Stutzman did not have political ambitions growing up, and formed his early political views by listening to conservative talk-radio programs while driving his tractor. He first became involved in local politics out of frustration with navigating state regulations as a small-business owner. Once, incorrect information from the state Department of Revenue regarding the transfer of license plates for his trucking company cost him thousands of dollars. “I soon found out that government is not always your friend,” he said.


In 2002, when no one registered to challenge a long-time incumbent Democrat in the Indiana House, Stutzman filed papers to run on the last possible day. He won by 249 votes, becoming the youngest member of the House at 26 years old. In three terms, Stutzman helped to pass a tax credit for ethanol producers and authored Indiana’s lifetime handgun permit law, which frees gun owners from having to renew their licenses. He was the co-author of the bill that created the Indiana Department of Agriculture, which he describes as an advocacy agency rather than a regulatory one. In 2005, he pushed a bill that created tougher regulations for abortion providers, and in 2006, he became chairman of the powerful Public Policy Committee. From 2005 to 2008, while still a state representative, Stutzman worked as Souder’s special assistant in his district office. In 2008, Stutzman won a seat in the state Senate, and harbored ambitions for even higher office.

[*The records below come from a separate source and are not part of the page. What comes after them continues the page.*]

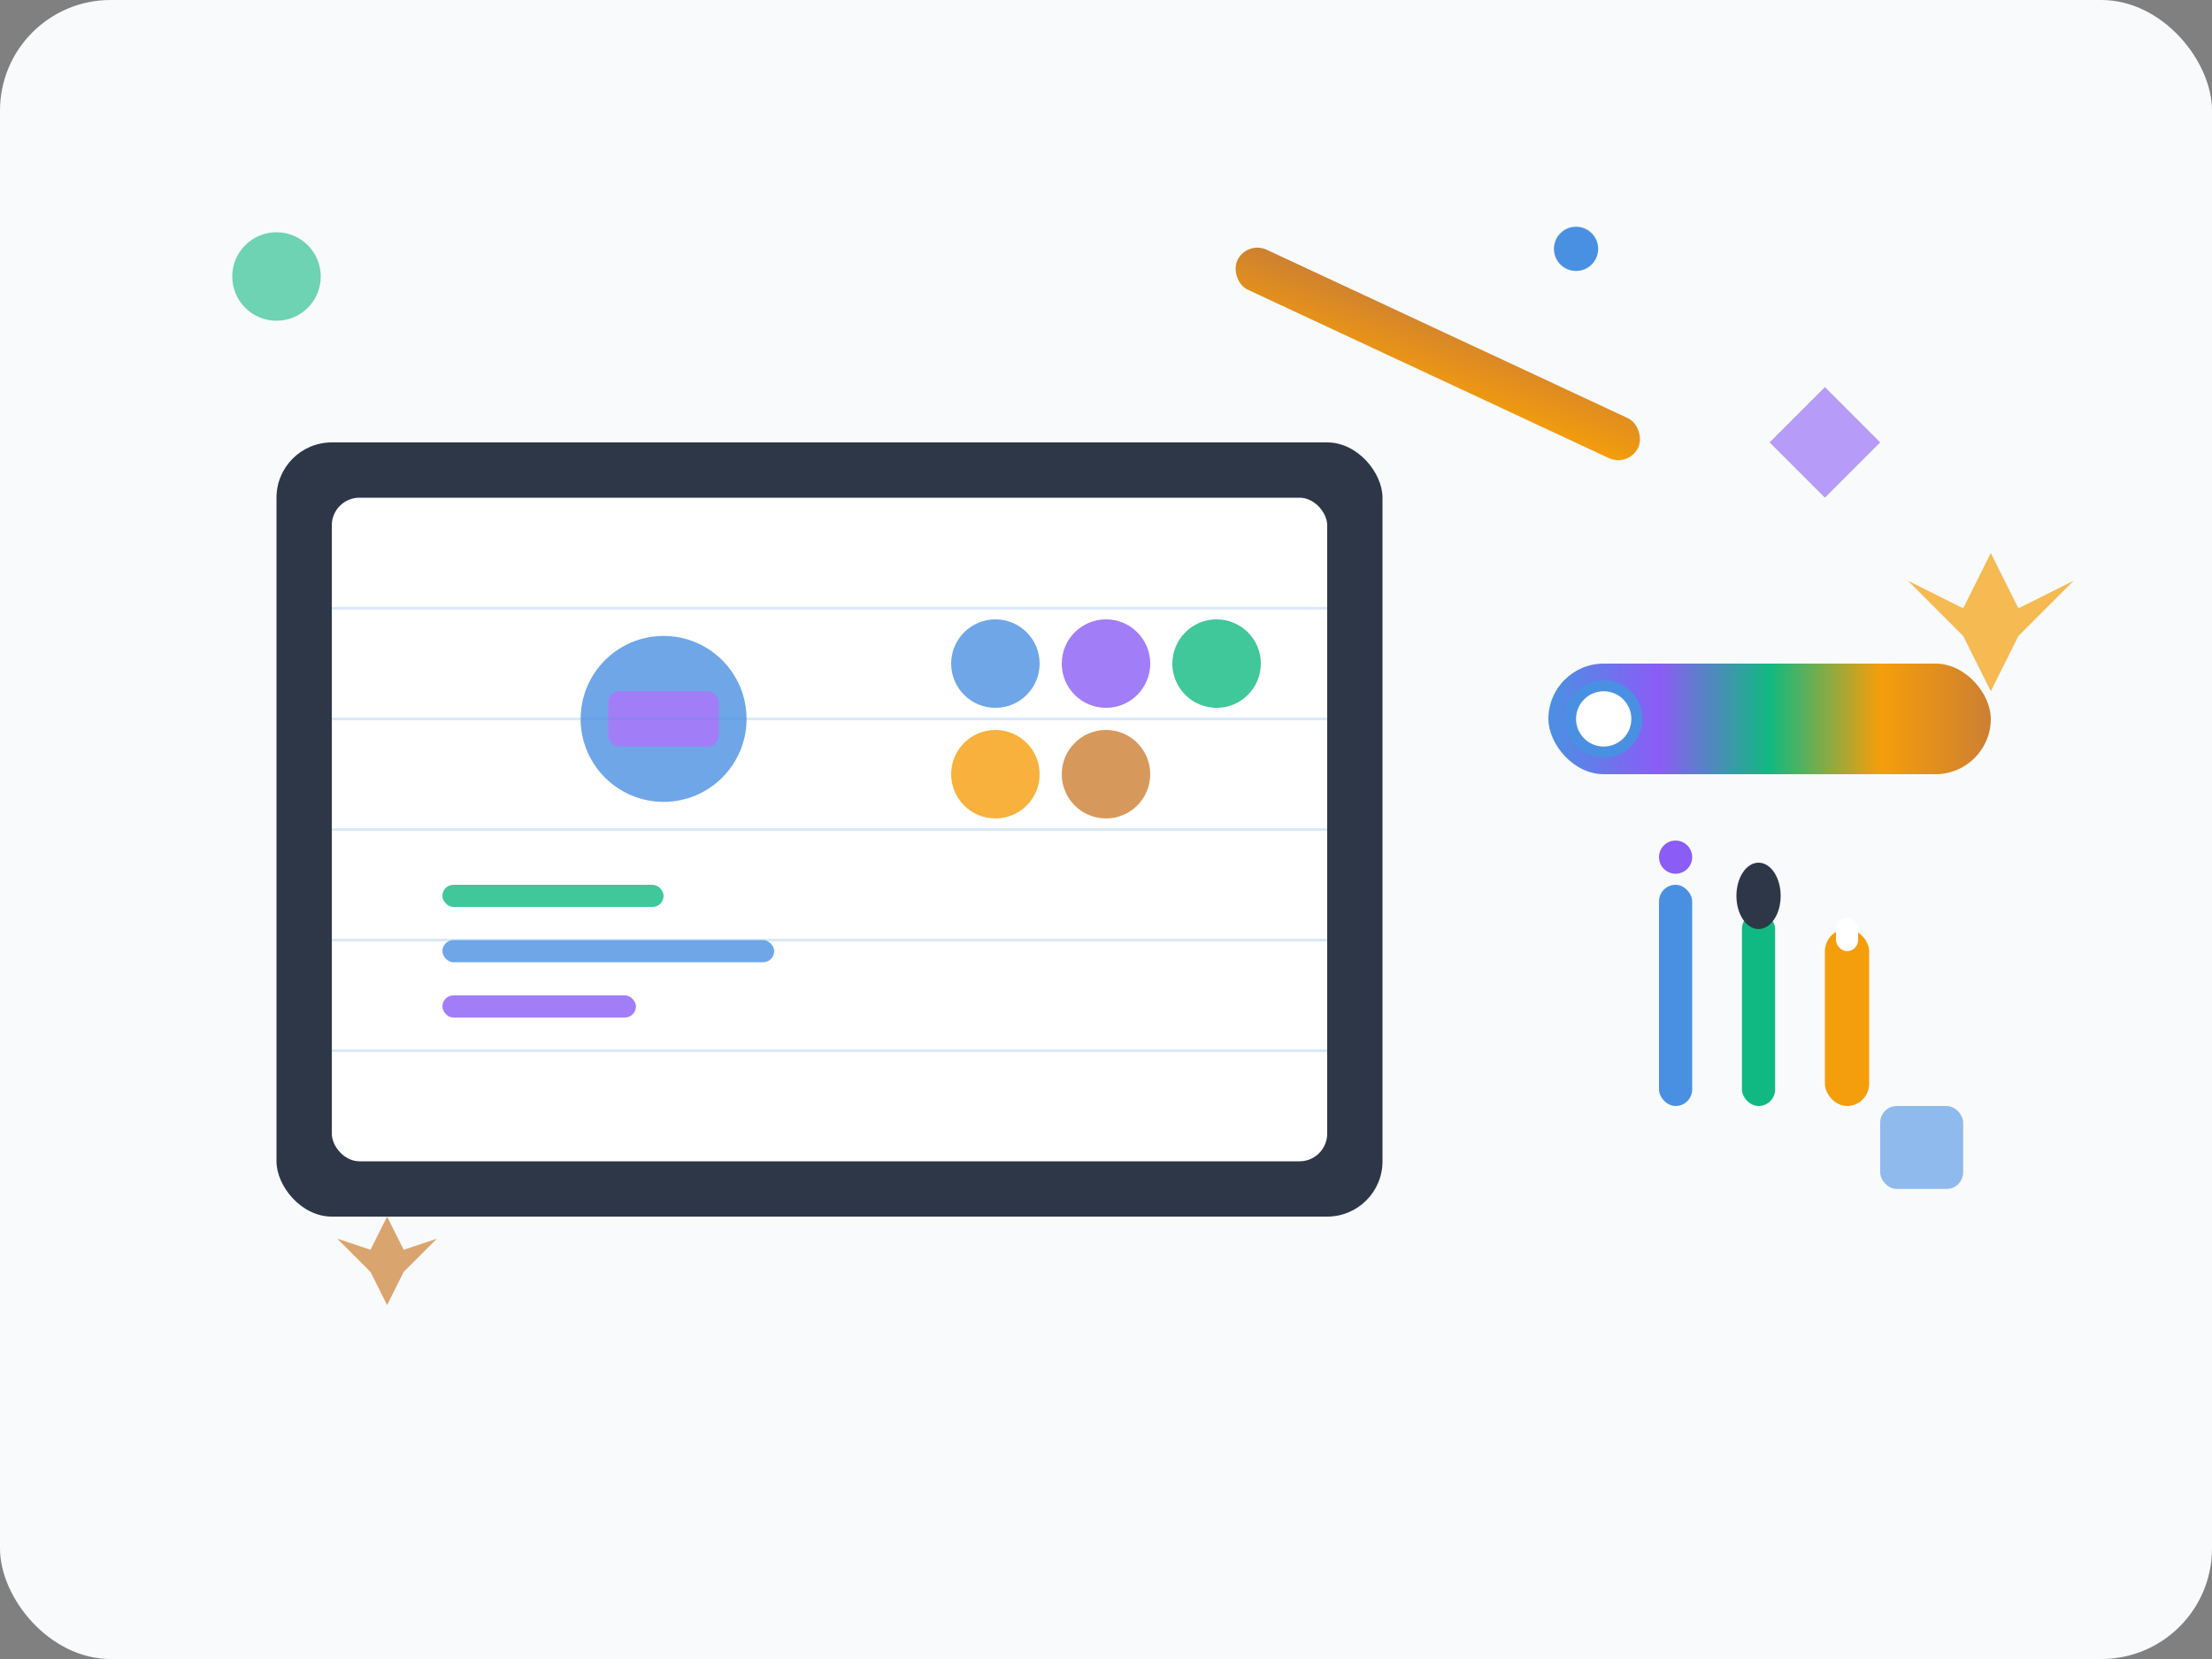 <svg width="400" height="300" viewBox="0 0 400 300" fill="none" xmlns="http://www.w3.org/2000/svg">
  <rect x="0" y="0" width="400" height="300" fill="#808080" stroke="none"/>
  <defs>
    <linearGradient id="designGrad" x1="0%" y1="0%" x2="100%" y2="100%">
      <stop offset="0%" style="stop-color:#CD7F32"/>
      <stop offset="100%" style="stop-color:#F59E0B"/>
    </linearGradient>
    <linearGradient id="paletteGrad" x1="0%" y1="0%" x2="100%" y2="0%">
      <stop offset="0%" style="stop-color:#4A90E2"/>
      <stop offset="25%" style="stop-color:#8B5CF6"/>
      <stop offset="50%" style="stop-color:#10B981"/>
      <stop offset="75%" style="stop-color:#F59E0B"/>
      <stop offset="100%" style="stop-color:#CD7F32"/>
    </linearGradient>
  </defs>
  
  <!-- Background -->
  <rect width="400" height="300" fill="#f8fafc" rx="20"/>
  
  <!-- Drawing tablet -->
  <rect x="50" y="80" width="200" height="140" fill="#2d3748" rx="10"/>
  <rect x="60" y="90" width="180" height="120" fill="#ffffff" rx="5"/>
  
  <!-- Stylus -->
  <rect x="220" y="60" width="80" height="8" fill="url(#designGrad)" rx="4" transform="rotate(25 260 64)"/>
  <circle cx="285" cy="45" r="4" fill="#4A90E2"/>
  
  <!-- Design elements on tablet -->
  <g opacity="0.8">
    <!-- Logo design -->
    <circle cx="120" cy="130" r="15" fill="#4A90E2"/>
    <rect x="110" y="125" width="20" height="10" fill="#8B5CF6" rx="2"/>
    
    <!-- Typography -->
    <rect x="80" y="160" width="40" height="4" fill="#10B981" rx="2"/>
    <rect x="80" y="170" width="60" height="4" fill="#4A90E2" rx="2"/>
    <rect x="80" y="180" width="35" height="4" fill="#8B5CF6" rx="2"/>
    
    <!-- Color swatches -->
    <circle cx="180" cy="120" r="8" fill="#4A90E2"/>
    <circle cx="200" cy="120" r="8" fill="#8B5CF6"/>
    <circle cx="220" cy="120" r="8" fill="#10B981"/>
    <circle cx="180" cy="140" r="8" fill="#F59E0B"/>
    <circle cx="200" cy="140" r="8" fill="#CD7F32"/>
  </g>
  
  <!-- Color palette -->
  <rect x="280" y="120" width="80" height="20" fill="url(#paletteGrad)" rx="10"/>
  <circle cx="290" cy="130" r="6" fill="#ffffff" stroke="#4A90E2" stroke-width="2"/>
  
  <!-- Design tools -->
  <g transform="translate(300, 160)">
    <!-- Pen tool -->
    <rect x="0" y="0" width="6" height="40" fill="#4A90E2" rx="3"/>
    <circle cx="3" cy="-5" r="3" fill="#8B5CF6"/>
    
    <!-- Brush -->
    <rect x="15" y="5" width="6" height="35" fill="#10B981" rx="3"/>
    <ellipse cx="18" cy="2" rx="4" ry="6" fill="#2d3748"/>
    
    <!-- Eraser -->
    <rect x="30" y="8" width="8" height="32" fill="#F59E0B" rx="4"/>
    <rect x="32" y="6" width="4" height="6" fill="#ffffff" rx="2"/>
  </g>
  
  <!-- Floating design elements -->
  <g opacity="0.6">
    <polygon points="320,80 330,70 340,80 330,90" fill="#8B5CF6"/>
    <circle cx="50" cy="50" r="8" fill="#10B981"/>
    <rect x="340" y="200" width="15" height="15" fill="#4A90E2" rx="3"/>
  </g>
  
  <!-- Creative sparks -->
  <g opacity="0.7">
    <path d="M360 100 L365 110 L375 105 L365 115 L360 125 L355 115 L345 105 L355 110 Z" fill="#F59E0B"/>
    <path d="M70 220 L73 226 L79 224 L73 230 L70 236 L67 230 L61 224 L67 226 Z" fill="#CD7F32"/>
  </g>
  
  <!-- Grid lines -->
  <g opacity="0.2">
    <line x1="60" y1="110" x2="240" y2="110" stroke="#4A90E2" stroke-width="0.5"/>
    <line x1="60" y1="130" x2="240" y2="130" stroke="#4A90E2" stroke-width="0.5"/>
    <line x1="60" y1="150" x2="240" y2="150" stroke="#4A90E2" stroke-width="0.5"/>
    <line x1="60" y1="170" x2="240" y2="170" stroke="#4A90E2" stroke-width="0.5"/>
    <line x1="60" y1="190" x2="240" y2="190" stroke="#4A90E2" stroke-width="0.5"/>
  </g>
</svg>

The following year, he announced that he would seek the Republican nomination to challenge Democratic Sen. Evan Bayh. Then in February, Bayh declared he would not seek reelection, creating an open-seat opportunity that generated interest among other Republicans. In the primary, Stutzman faced former Sen. Daniel Coats and former Rep. John Hostettler. Although national Republicans recruited Coats for the race, Stutzman had the support of tea party activists and conservative Sen. Jim DeMint, R-S.C., who was attempting to boost the number of conservative candidates around the country. Although Coats ultimately won the nomination, Stutzman came in second with 29 percent of the vote, only 10 percent behind Coats, the eventual general-election winner.

The results raised Stutzman’s political profile and helped him win the support of Republican officials when Souder ran into political trouble last spring. The incumbent looked to be well on his way to securing a ninth term when he revealed in May that he had engaged in an extramarital affair with one of his aides. Because Souder had already won the GOP primary, a replacement was chosen by party officials at their June caucus. Stutzman was the heavy favorite over his Democratic opponent, former Fort Wayne City Council member Tom Hayhurst.